Once she was back in her car, Nell took out her phone. Three texts from Sebastian:
Just checking in
Love you
Are you working?
She typed out a reply: Heading home. Love you too. Then a text to Lindsay: Confirm you’re alive please.
The harsh November wind shook the car. Cold stole in through the seam in the window, and Nell could see her breath. Weather like this always left her feeling tumultuous.

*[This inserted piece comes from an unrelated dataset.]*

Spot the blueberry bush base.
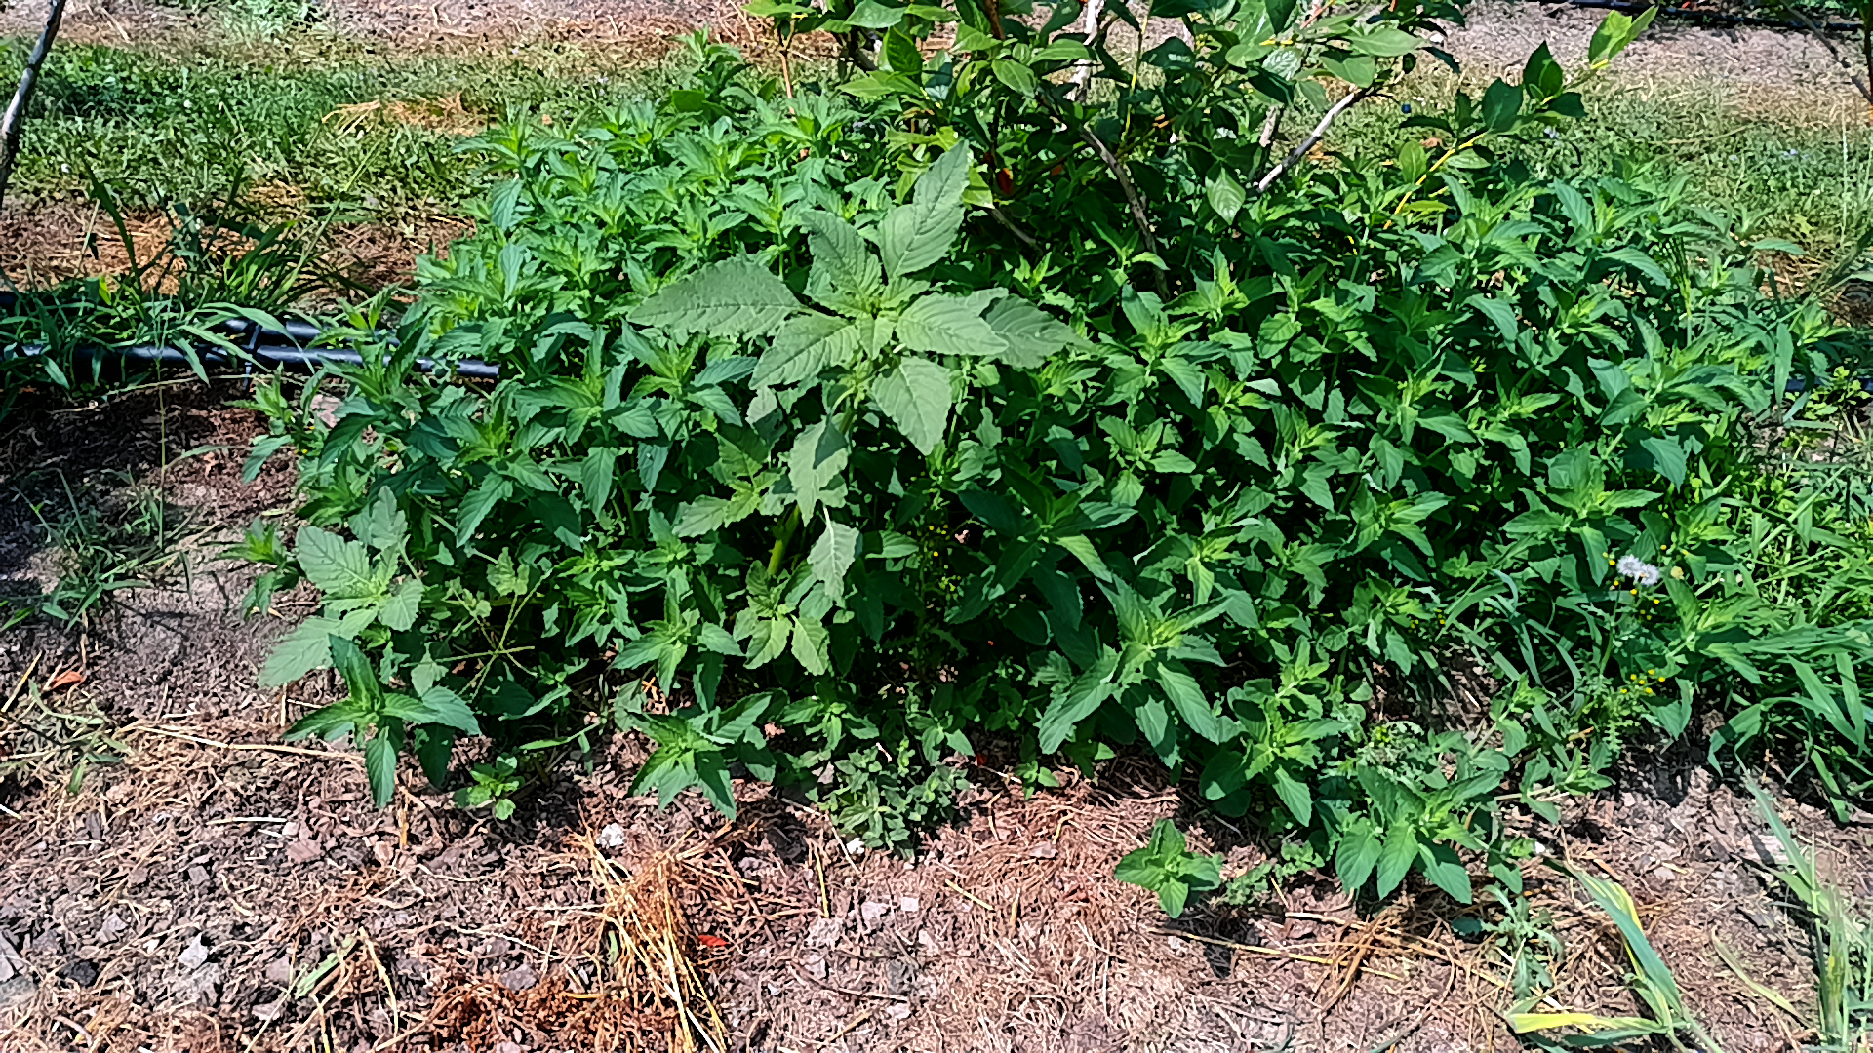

The chill wasn’t a problem, but sometimes she couldn’t help shivering.
This was one thing she and Reina had had in common. Reina never seemed bothered by the cold. When she pulled her escape stunts – scaling from first-storey windows or creeping out through back doors – she never took a coat. Sometimes she would be missing for hours and they’d find her hiding under the porch, peeking out at them through the wood slats, or standing behind a tree, or on the floor in the back seat of a parked car. Even on days so cold you could see your breath, even when she was shivering and chattering her teeth, she never seemed to mind.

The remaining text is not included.